PROMPT ::
Repeat each record below exactly, omitting whatever pictures appear in it.

* * *

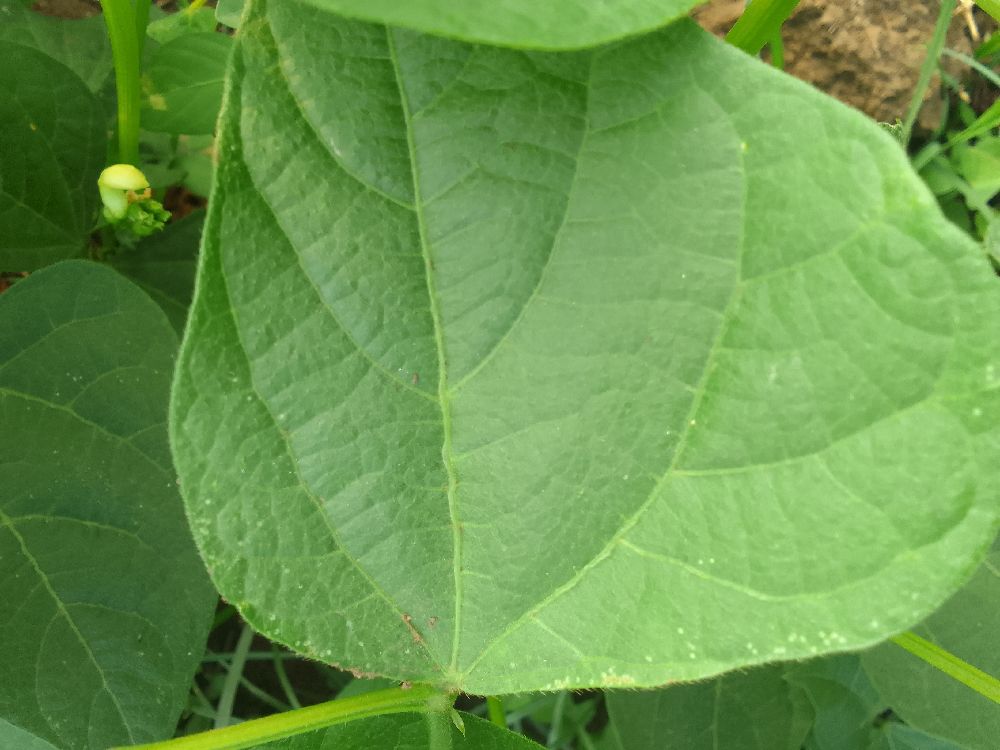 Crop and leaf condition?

common bean, healthy
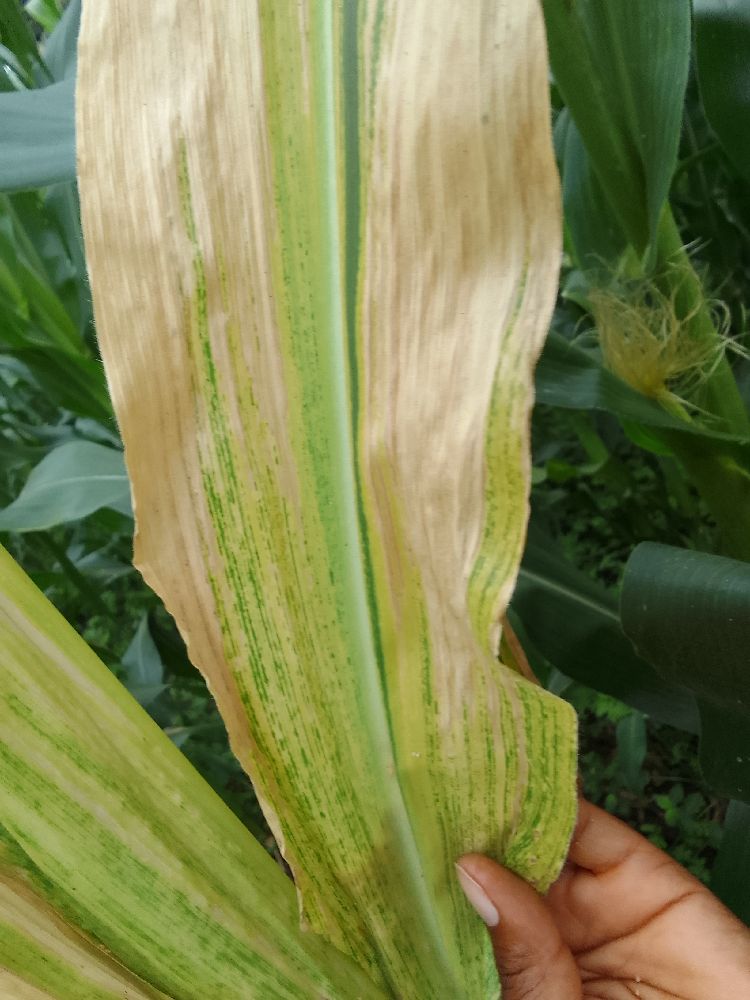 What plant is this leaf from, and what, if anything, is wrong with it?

maize, maize lethal necrosis
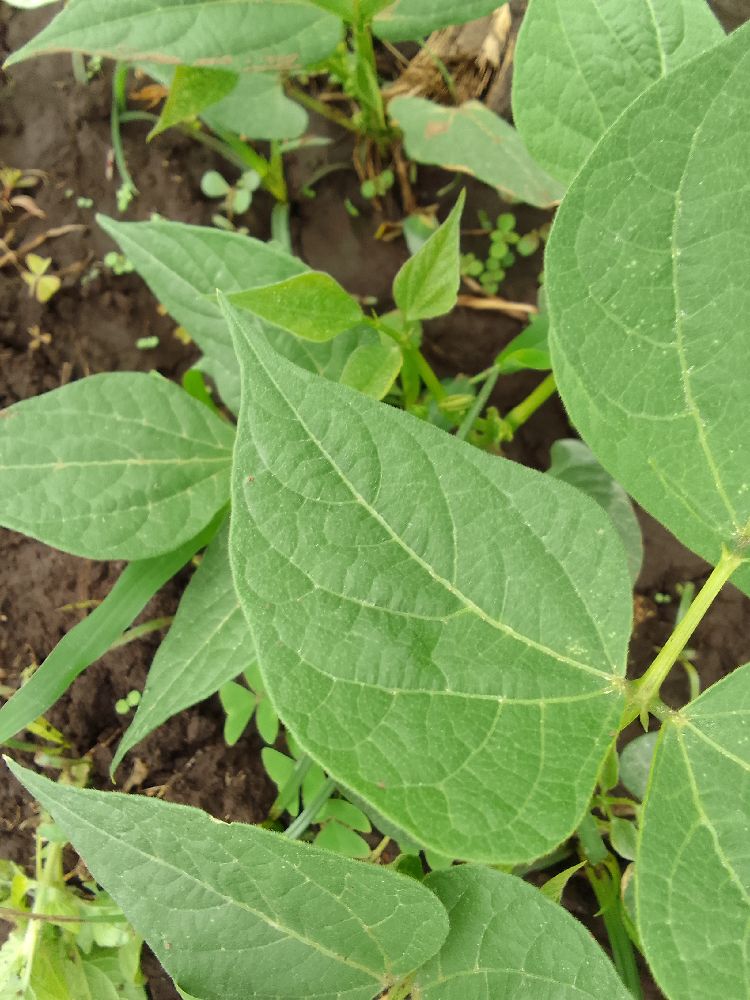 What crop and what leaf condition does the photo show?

common bean, healthy
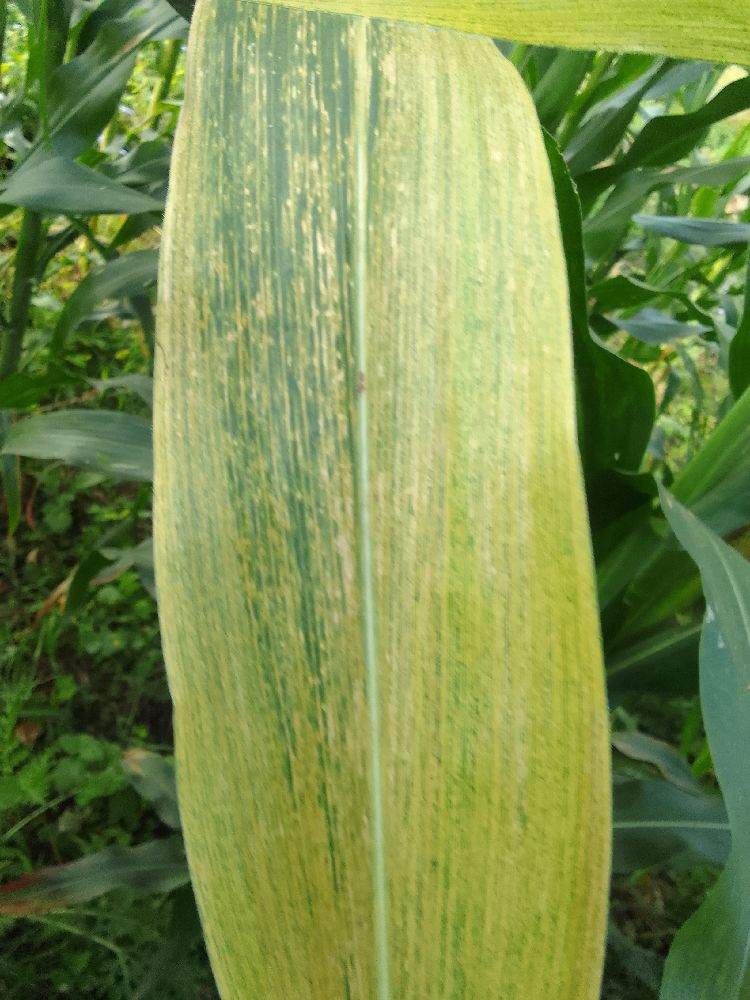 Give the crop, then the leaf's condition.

maize, maize lethal necrosis

* * *

TASK RESULT ::
 Crop and leaf condition?

common bean, healthy
 What plant is this leaf from, and what, if anything, is wrong with it?

maize, maize lethal necrosis
 What crop and what leaf condition does the photo show?

common bean, healthy
 Give the crop, then the leaf's condition.

maize, maize lethal necrosis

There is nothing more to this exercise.